- Directed by: Michał Marczak
- Produced by: Michał Marczak Monika Braid Remi Grellety Katarzyna Szczerba Karolina Marczak
- Cinematography: Michal Marczak
- Edited by: Anna Garncarczyk
- Distributed by: Autlook Films (Poland) 1-2 Special (United States)
- Release dates: 23 January 2026 (Sundance); 28 October 2026 (United States);
- Running time: 105 minutes
- Country: Poland
- Language: Polish

= Closure (2026 film) =

2026 Polish documentary film

Closure is a 2026 Polish documentary film directed and produced by Michał Marczak, with producers Monika Braid, Remi Grellety, Katarzyna Szczerba, and Karolina Marczak. The film had its world premiere in the World Cinema Documentary Competition at the 2026 Sundance Film Festival.

== Premise ==
After his teenage son, Krzysztof Dymiński, goes missing in May 2023, Daniel searches Poland's Vistula River, torn between fear that his son is dead and hope that he may still be alive. CCTV footage taken on the morning of his disappearance shows Krzysztof standing on a bridge, but not whether he jumped or walked away, and Daniel continues to investigate long after the police and local media have stopped searching.

Except for a final shot, the film uses no images of Krzysztof. The film's soundtrack includes a snippet of William Basinski's "The Disintegration Loops," which plays over the final scenes.

== Release ==
Closure premiered in the World Cinema Documentary Competition at the 2026 Sundance Film Festival. It has also screened at the True/False Film Festival, the Thessaloniki Documentary Festival, and Millennium Docs Against Gravity. It won Thessaloniki's Golden Alexander International Competition prize.

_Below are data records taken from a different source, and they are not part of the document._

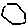
Label: hexagon
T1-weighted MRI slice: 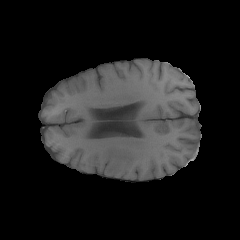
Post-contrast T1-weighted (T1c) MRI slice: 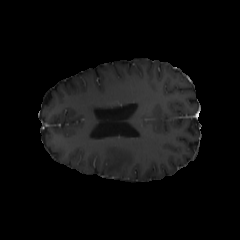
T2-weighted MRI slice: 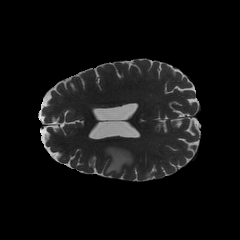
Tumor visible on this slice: yes
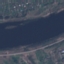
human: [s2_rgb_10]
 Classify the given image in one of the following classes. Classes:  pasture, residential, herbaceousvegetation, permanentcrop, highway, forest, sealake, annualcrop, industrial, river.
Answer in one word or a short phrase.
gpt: River
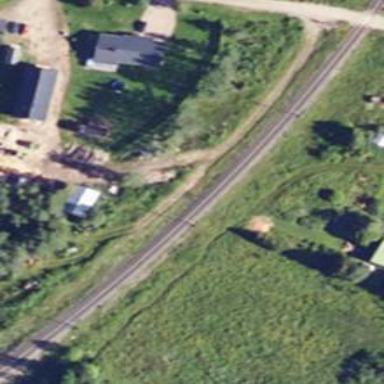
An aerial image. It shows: Railway track with continuous electrified contact line.
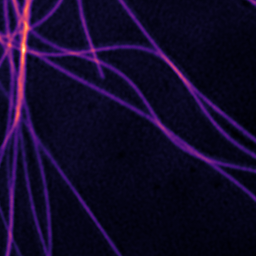
Label: Super-resolution Microtubules image
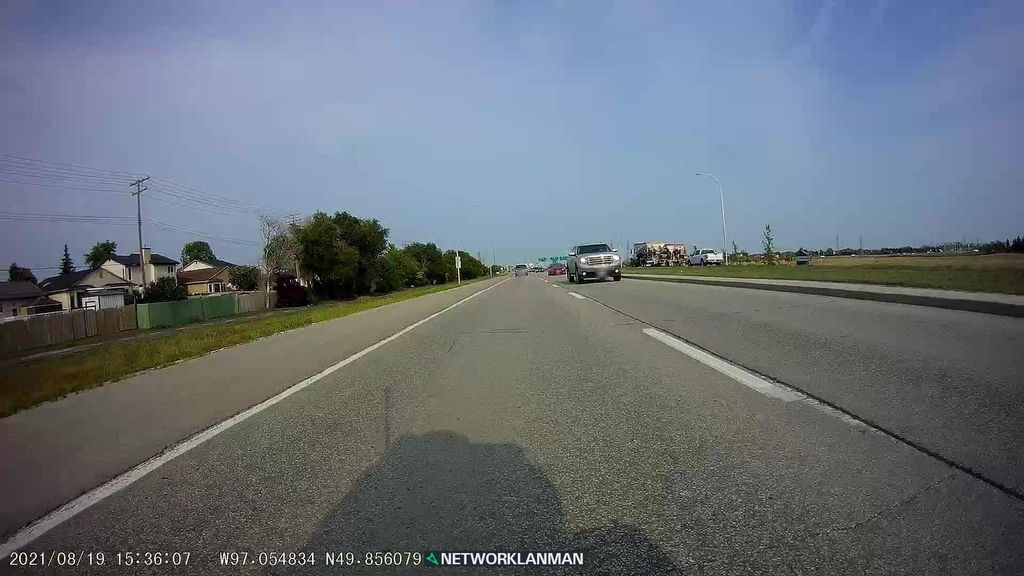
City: winnipeg
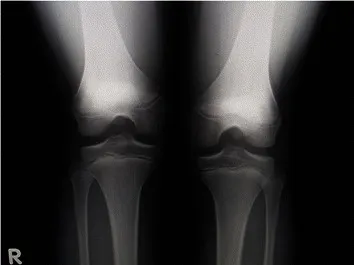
A posterior-anterior weight bearing radiograph (Rosenberg's view) of the patient's left knee at 3 years and 6 months after reoperation showing radiological healing of the osteochondritis dissecans lesions in both knees.
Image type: radiology (x_ray)
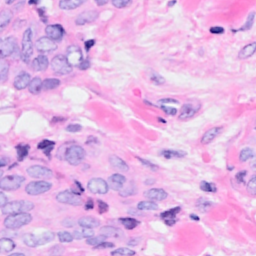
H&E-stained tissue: Breast
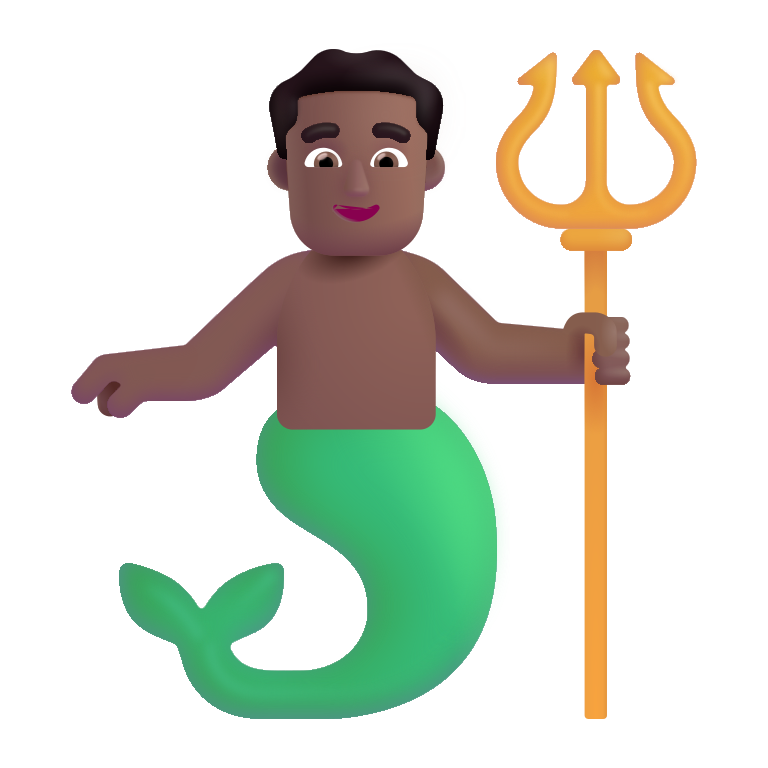
man merpeople color  dark
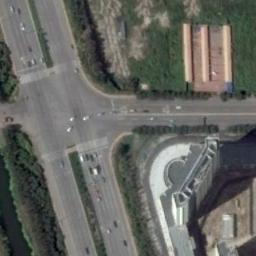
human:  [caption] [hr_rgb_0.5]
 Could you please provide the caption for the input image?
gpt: There are many cars at the intersection .

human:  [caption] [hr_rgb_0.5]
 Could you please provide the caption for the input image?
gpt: There are some cars at the intersection on the right .

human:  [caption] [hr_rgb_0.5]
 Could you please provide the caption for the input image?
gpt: A tilted intersection with normal traffic located in a green area with a high-rise building .

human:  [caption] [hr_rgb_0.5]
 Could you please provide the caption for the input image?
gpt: There are some trees and lawns beside the intersection .

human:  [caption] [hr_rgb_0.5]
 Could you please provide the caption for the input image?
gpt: There are many moving and waiting vehicles on the road at the intersection  There are large lawns and some buildings around the intersection, And a river on one side of the road .
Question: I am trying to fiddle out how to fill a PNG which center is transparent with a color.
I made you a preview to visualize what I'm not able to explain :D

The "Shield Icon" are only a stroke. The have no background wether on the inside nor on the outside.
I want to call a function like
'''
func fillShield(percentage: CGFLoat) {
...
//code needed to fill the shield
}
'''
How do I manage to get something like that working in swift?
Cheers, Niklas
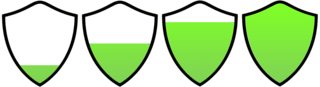
Answer: Instead of a PNG do you have the original SVG (or can you get one). If so, I suggest getting PaintCode, which will take this SVG and give you code to draw it with bezier curves -- from there it's very easy to also fill it partially -- you can use the bezier and a rectangle as a mask.
If not, can you modify the png such that it isn't transparent on the outside? If so, you only need to draw the green rectangle underneath and it will show through.
If you need a transparent outside (to overlay on a background), make two copies of the PNG, one with a transparent inside, and one with a transparent outside. Use the first one to make the progress image and then copy the Alpha channel from the second one into the result.
CoreImage and CoreGraphics have the functions you need to do each part -- here is a link for understanding how to get to the pixels (for copying channels):
<URL>
EDIT: Elaboration. You need two images
1. Image 1 is the shield with a white opaque on the outside and transparent on the inside
2. Image 2 is the shield with white opaque on the inside and transparent on the outside
Steps:
1. Draw a green rectangle with the height determined by progress an the bottom set to the inside bottom of the shield onto an image using CoreGraphics
2. Draw Image 1 on top of that. You now have an image with the shield filled with green progress and white on the outside.
3. Copy the alpha channel of Image 2 onto the result of Step 2. You now have an image with the progress filled in and a transparent outside.
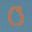
Label: 0
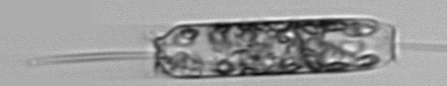
Label: Ditylum_brightwellii
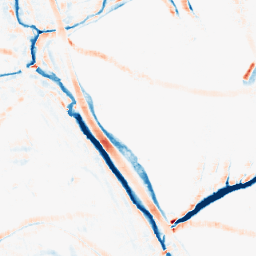
Category: morphological
Decomposition family: morphological_rect
Decomposition parameters: operation: average
width: 10
height: 10
Upsampling method: sinc_blackman
Upsampling parameters: scale: 2
kernel_size: 4
Upsampling scale: 2
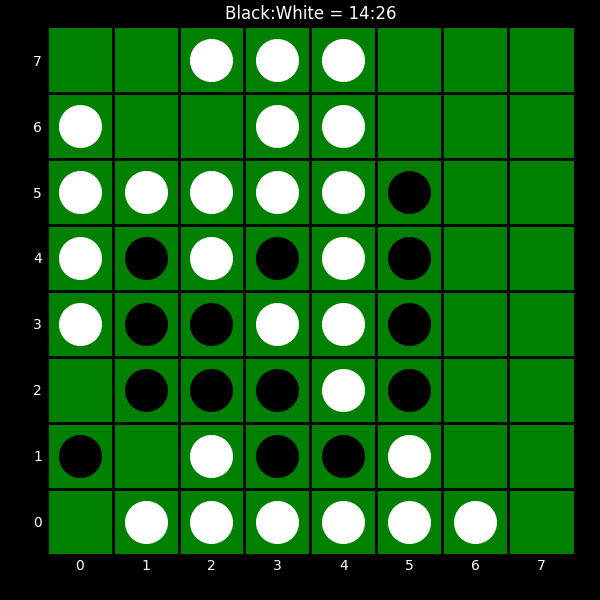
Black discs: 14
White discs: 26
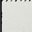
Piece: xx
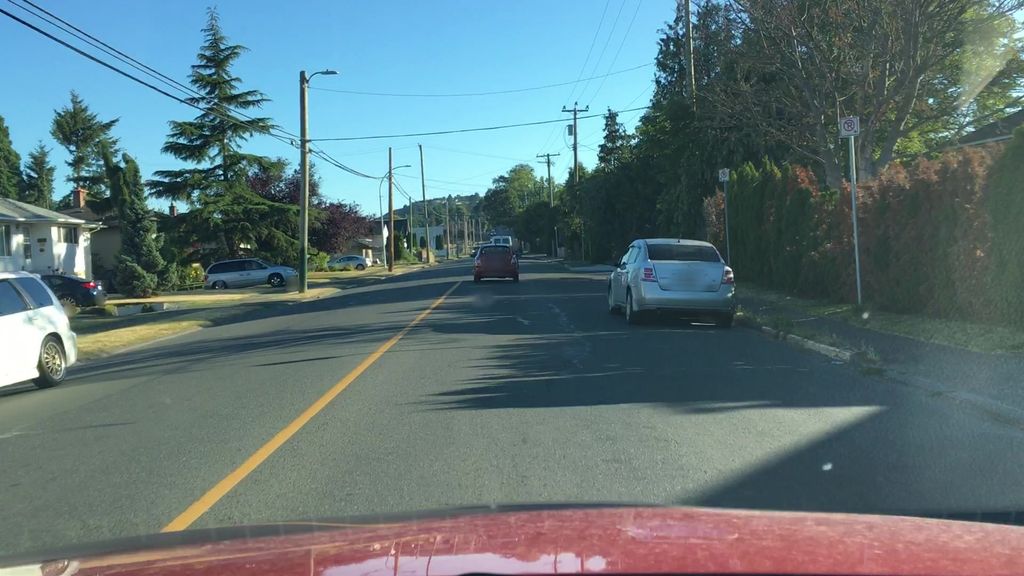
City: victoria
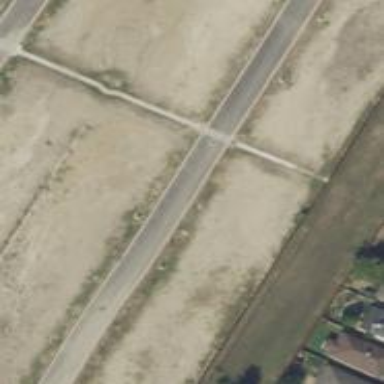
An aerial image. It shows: Marked road crossing.
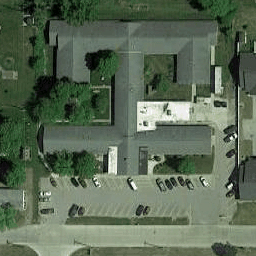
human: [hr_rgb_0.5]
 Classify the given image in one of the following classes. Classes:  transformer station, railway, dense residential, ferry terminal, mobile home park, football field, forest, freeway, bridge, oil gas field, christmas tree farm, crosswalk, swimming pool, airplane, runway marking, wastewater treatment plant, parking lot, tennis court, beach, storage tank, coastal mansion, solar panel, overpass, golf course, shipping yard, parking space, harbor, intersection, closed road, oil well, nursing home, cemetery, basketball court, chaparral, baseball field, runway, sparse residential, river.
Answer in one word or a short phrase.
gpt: nursing home
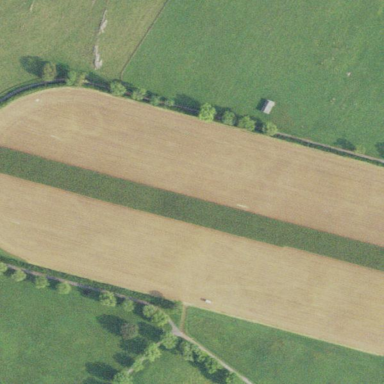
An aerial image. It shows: Bridleway.
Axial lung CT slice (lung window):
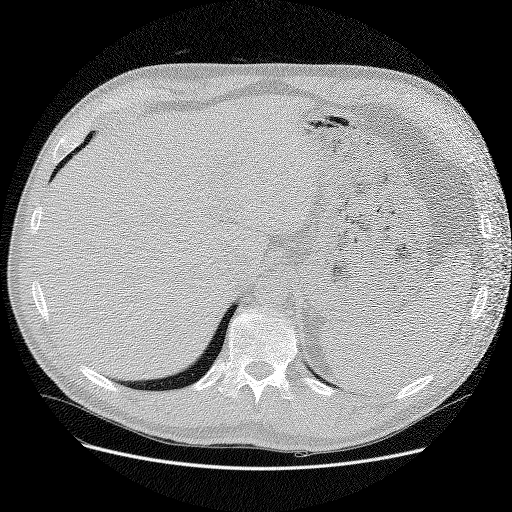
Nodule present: no
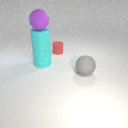
large purple rubber sphere above large cyan rubber cylinder
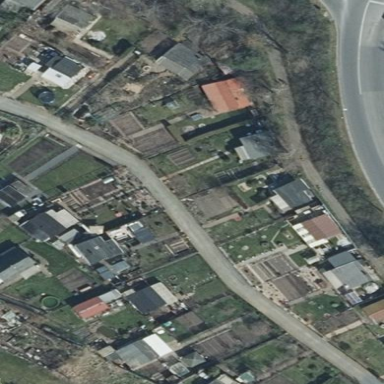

The film will compete at the 21st Rome Film Festival in 'Progressive Cinema Competition - Visions for the World of Tomorrow' in October 2026.

== Production ==
Marczak began filming after encountering Daniel while location scouting by the Vistula River for a planned fiction feature film and joining the search for Daniel's missing son. The project was selected for the Thessaloniki Pitching Forum at the Thessaloniki Documentary Festival's Agora industry program in 2025.
==Reception==
On review aggregator Rotten Tomatoes, the film holds an approval rating of 100% based on 10 reviews, with an average rating of 7.9/10. On Metacritic, the film has a weighted average score of 81 out of 100, based on 7 critics, indicating "universal acclaim".